**Exercise aim:** Write out the entries exactly. None of the pictures should appear in the copy.
+++ Records supplied +++
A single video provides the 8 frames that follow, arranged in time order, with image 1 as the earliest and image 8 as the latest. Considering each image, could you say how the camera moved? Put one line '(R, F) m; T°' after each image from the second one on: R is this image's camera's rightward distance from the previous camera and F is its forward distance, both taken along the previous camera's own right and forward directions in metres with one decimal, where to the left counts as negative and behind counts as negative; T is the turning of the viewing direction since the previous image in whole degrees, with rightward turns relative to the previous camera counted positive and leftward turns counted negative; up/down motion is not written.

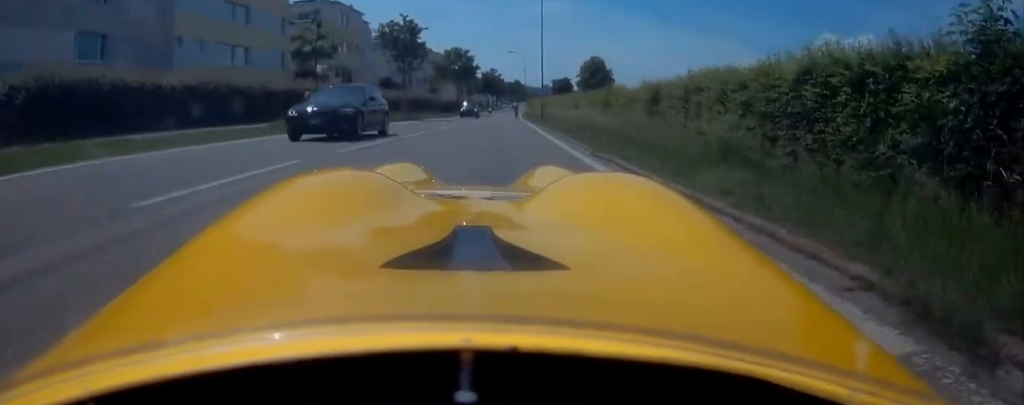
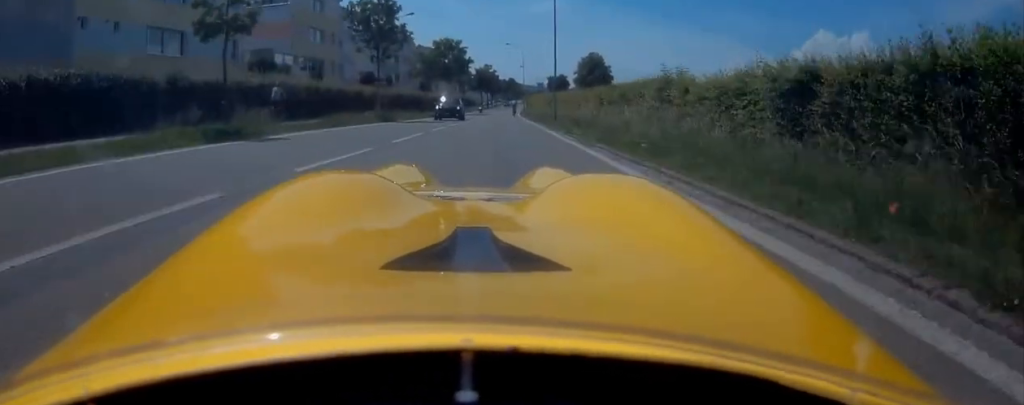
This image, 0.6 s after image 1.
(+0.1, +9.4) m; 0°
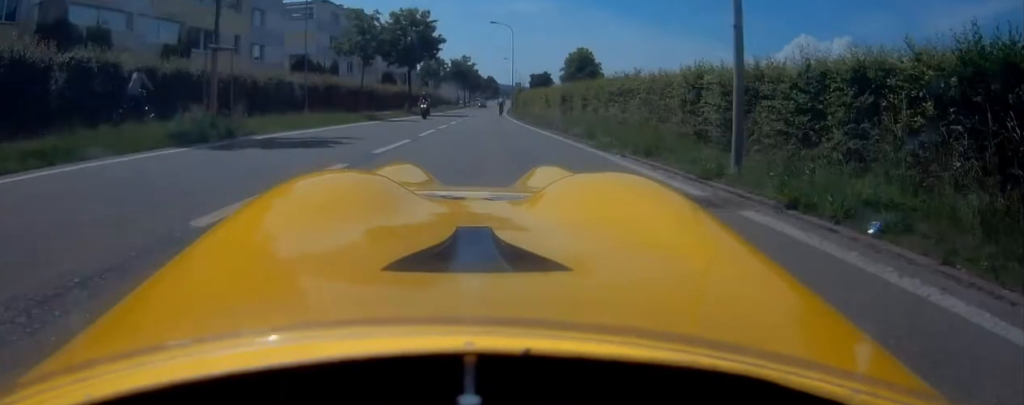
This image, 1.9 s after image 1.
(+0.4, +21.9) m; +2°
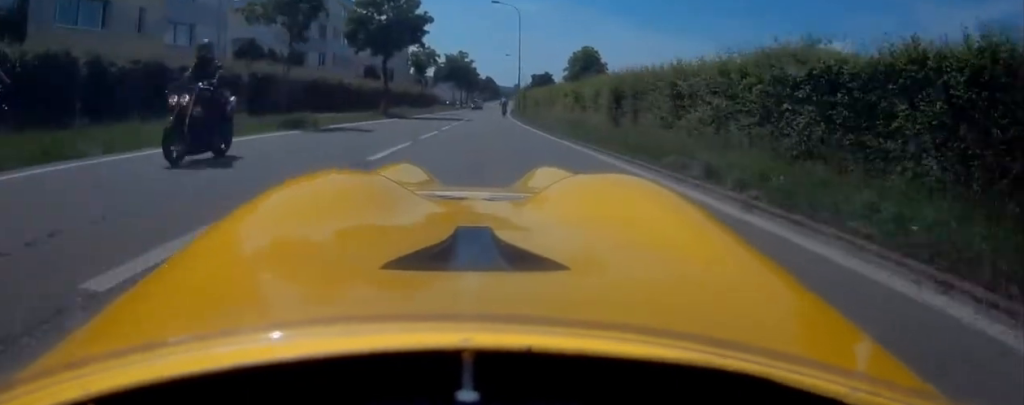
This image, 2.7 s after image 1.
(+0.2, +13.6) m; +1°
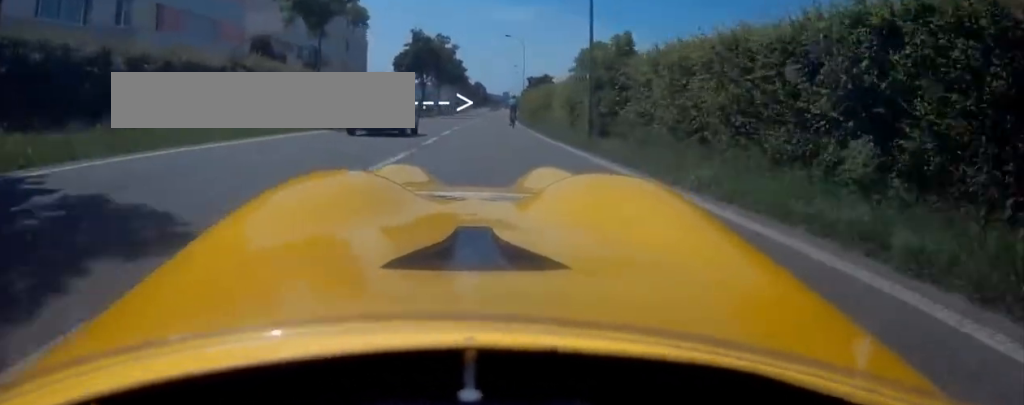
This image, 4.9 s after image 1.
(0.0, +37.5) m; -1°
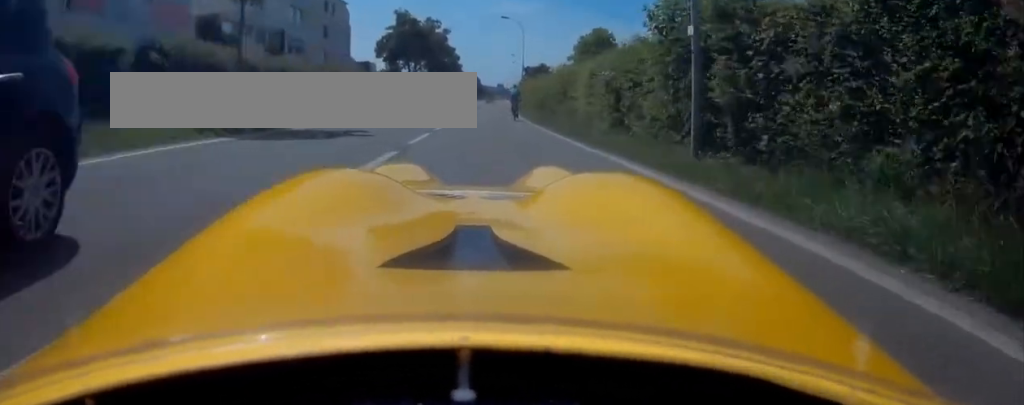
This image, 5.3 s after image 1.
(-0.1, +8.0) m; 0°
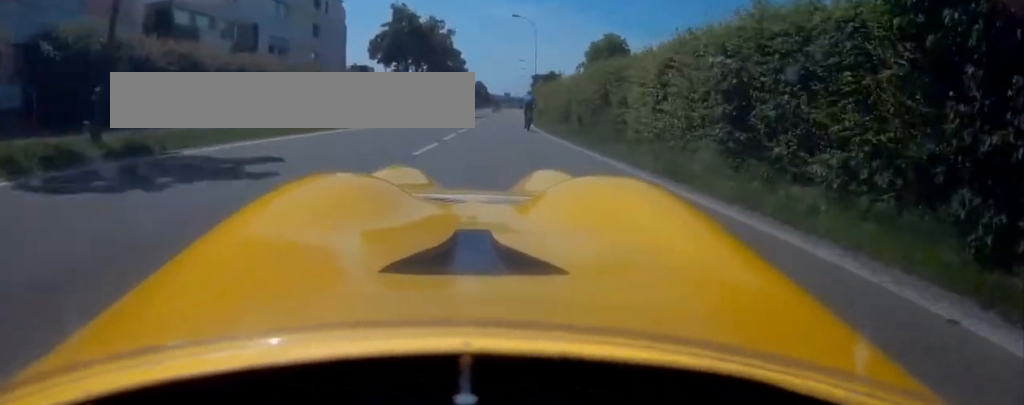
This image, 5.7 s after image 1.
(+0.1, +6.9) m; +1°
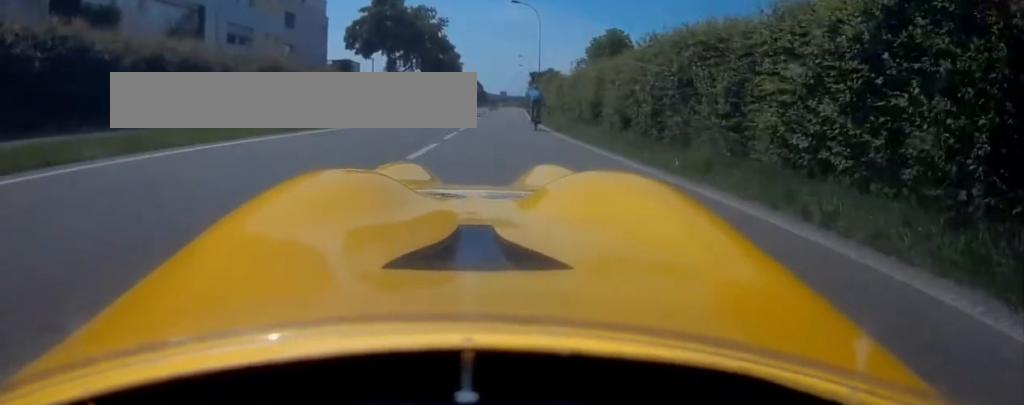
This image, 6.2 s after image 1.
(+0.1, +7.5) m; +1°
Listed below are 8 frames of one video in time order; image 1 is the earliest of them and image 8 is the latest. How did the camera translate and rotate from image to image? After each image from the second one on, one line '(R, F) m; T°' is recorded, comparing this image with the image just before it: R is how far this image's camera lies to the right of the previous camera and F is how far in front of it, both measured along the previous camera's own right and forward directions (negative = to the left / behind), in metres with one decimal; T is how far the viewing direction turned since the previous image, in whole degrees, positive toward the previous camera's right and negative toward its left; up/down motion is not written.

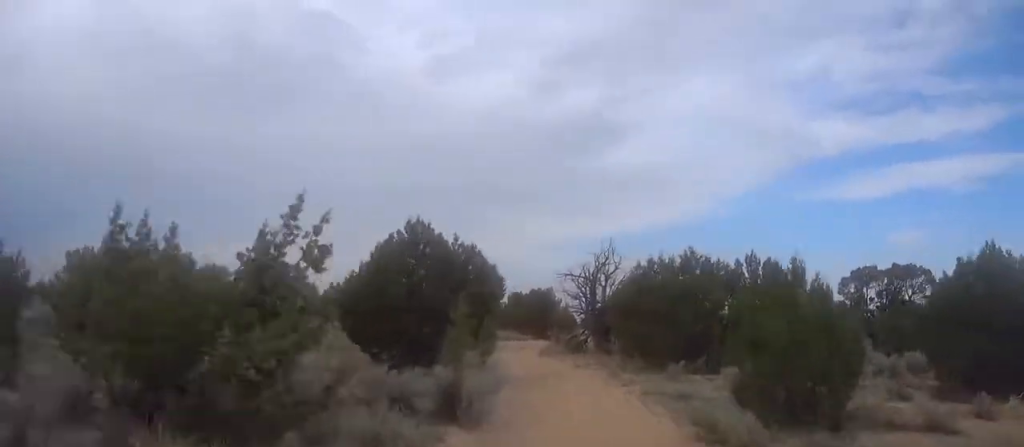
+++
**Answer to the exercise:**
A single video provides the 8 frames that follow, arranged in time order, with image 1 as the earliest and image 8 as the latest. Considering each image, could you say how the camera moved? Put one line '(R, F) m; T°' after each image from the second one on: R is this image's camera's rightward distance from the previous camera and F is its forward distance, both taken along the previous camera's own right and forward directions in metres with one decimal, where to the left counts as negative and behind counts as negative; T is the turning of the viewing direction since the previous image in whole degrees, with rightward turns relative to the previous camera counted positive and leftward turns counted negative; up/down motion is not written.

This image, 0.6 s after image 1.
(+0.1, +9.4) m; 0°
This image, 1.9 s after image 1.
(+0.4, +21.9) m; +2°
This image, 2.7 s after image 1.
(+0.2, +13.6) m; +1°
This image, 4.9 s after image 1.
(0.0, +37.5) m; -1°
This image, 5.3 s after image 1.
(-0.1, +8.0) m; 0°
This image, 5.7 s after image 1.
(+0.1, +6.9) m; +1°
This image, 6.2 s after image 1.
(+0.1, +7.5) m; +1°
Listed below are 8 frames of one video in time order; image 1 is the earliest of them and image 8 is the latest. How did the camera translate and rotate from image to image? After each image from the second one on, one line '(R, F) m; T°' is recorded, comparing this image with the image just before it: R is how far this image's camera lies to the right of the previous camera and F is how far in front of it, both measured along the previous camera's own right and forward directions (negative = to the left / behind), in metres with one decimal; T is how far the viewing direction turned since the previous image, in whole degrees, positive toward the previous camera's right and negative toward its left; up/down motion is not written.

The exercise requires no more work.